Question

A voltage \( v = v_0 \sin \omega t \) applied to a circuit drives a current \( i = i_0 \sin (\omega t + \phi) \) in the circuit. The average power consumed in the circuit over a cycle is:

• A. Zero
• B. \( i_0 v_0 \cos \phi \)
• C. \( \frac{i_0 v_0}{2} \)
• D. \( \frac{i_0 v_0}{2} \cos \phi \)

Hint:

In AC circuits, the power factor \( \cos \phi \) determines the actual power consumption. It accounts for phase differences between voltage and current.

Answer 1

The Correct Option is D

This problem concerns the calculation of average power dissipated in an AC circuit over a full cycle. In an AC circuit, voltage and current are defined as follows:

Voltage: \( v = v_0 \sin \omega t \)

Current: \( i = i_0 \sin (\omega t + \phi) \)

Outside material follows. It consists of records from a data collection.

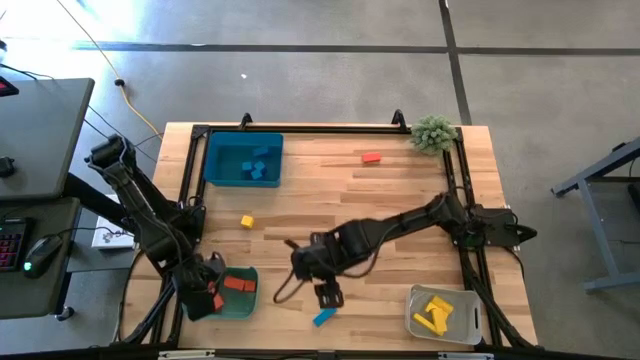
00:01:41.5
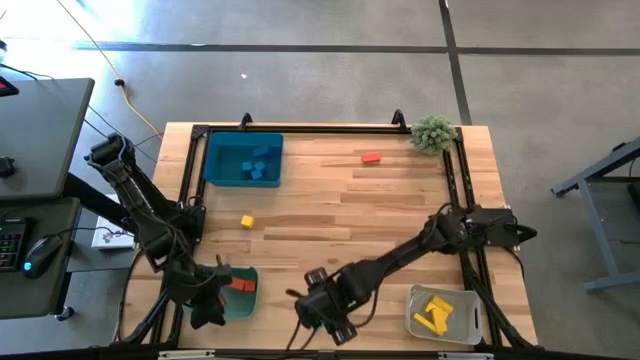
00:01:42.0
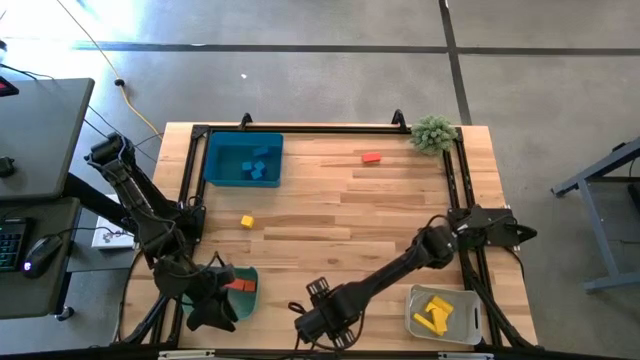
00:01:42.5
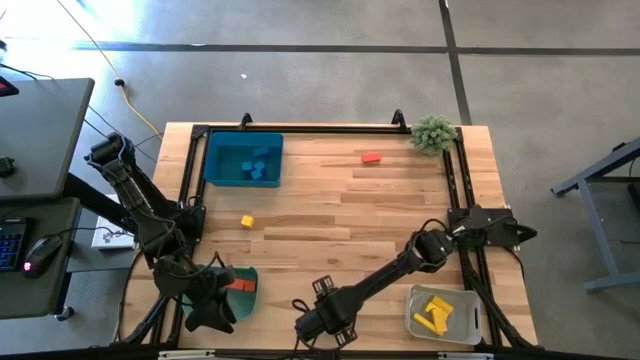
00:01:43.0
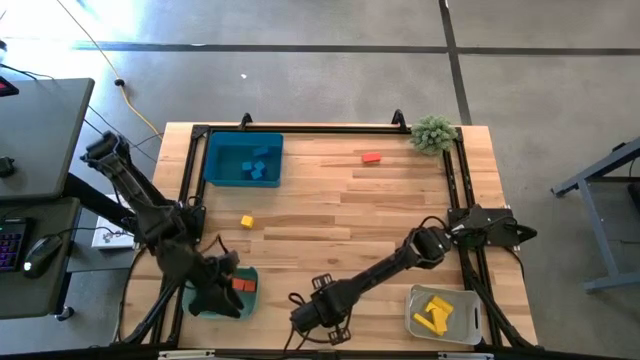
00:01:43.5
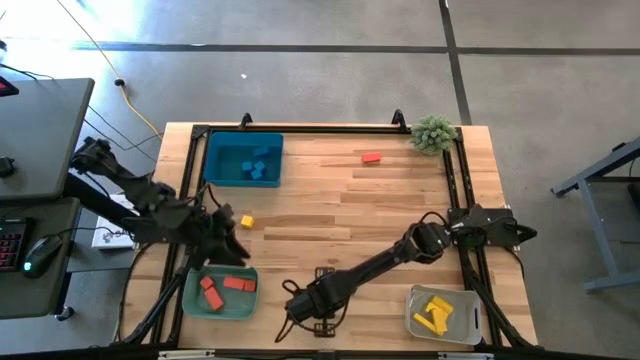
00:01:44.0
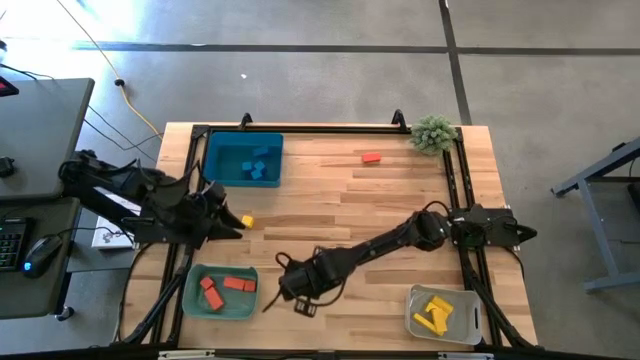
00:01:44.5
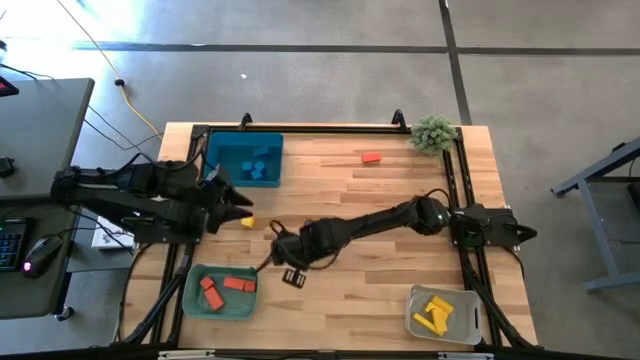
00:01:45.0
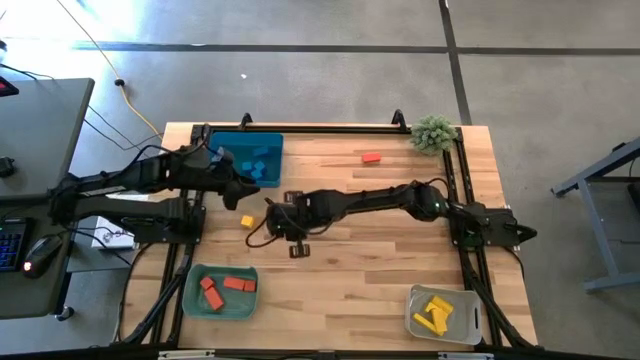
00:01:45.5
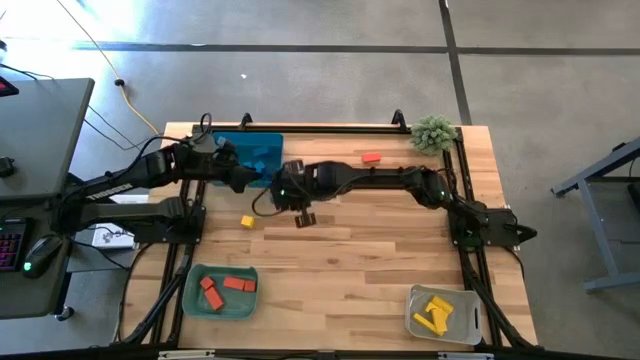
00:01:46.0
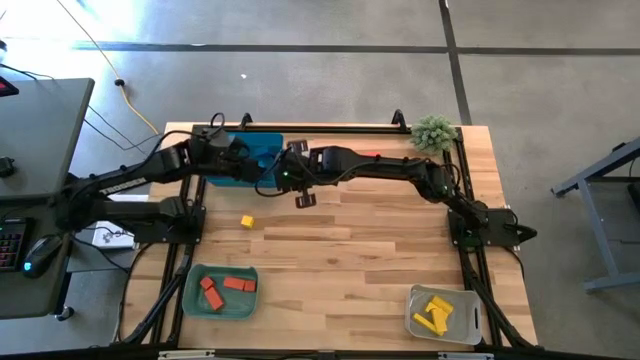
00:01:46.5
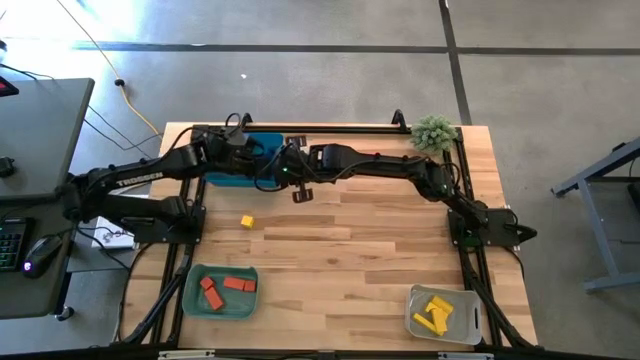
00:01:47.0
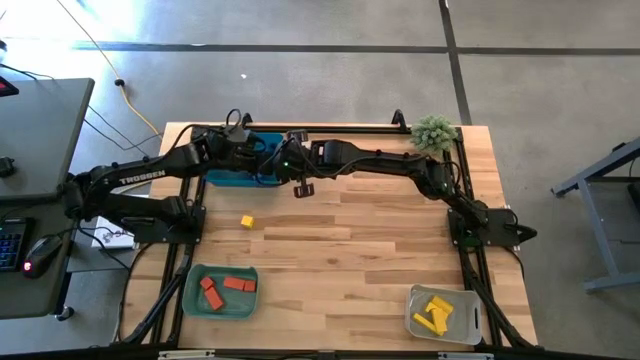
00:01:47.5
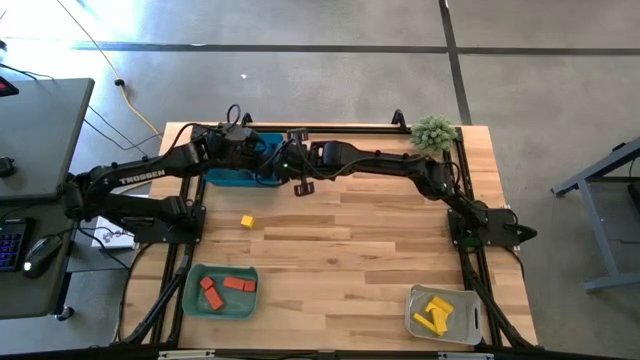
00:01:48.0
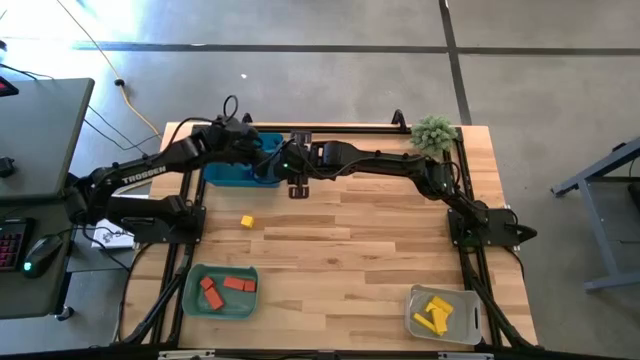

The average power \( P \) is determined by the integral:

\( P = \frac{1}{T} \int_0^T v \cdot i \, dt \)

Where \( T \) represents the waveform's period. Substituting the voltage and current expressions yields:

\( P = \frac{1}{T} \int_0^T v_0 \sin \omega t \cdot i_0 \sin (\omega t + \phi) \, dt \)

\( = \frac{v_0 i_0}{T} \int_0^T \sin \omega t \cdot \sin (\omega t + \phi) \, dt \)

Applying the trigonometric identity \( \sin A \sin B = \frac{1}{2} [\cos(A-B) - \cos(A+B)] \), we get:

\( \sin \omega t \sin (\omega t + \phi) = \frac{1}{2}[\cos(\phi) - \cos(2\omega t + \phi)] \)

Substituting this back into the power equation:

\( P = \frac{v_0 i_0}{2T} \left( \int_0^T \cos \phi \, dt - \int_0^T \cos(2\omega t + \phi) \, dt \right) \)

Given that \( \cos(\phi) \) is a constant with respect to \( t \) and the integral of a cosine function over a complete period is zero:

\( \int_0^T \cos(2\omega t + \phi) \, dt = 0 \)

\( \int_0^T \cos \phi \, dt = T \cos \phi \)

Therefore, the average power is:

\( P = \frac{v_0 i_0}{2} \cos \phi \)

Consequently, the average power consumed in the circuit over a cycle is \( \frac{i_0 v_0}{2} \cos \phi \).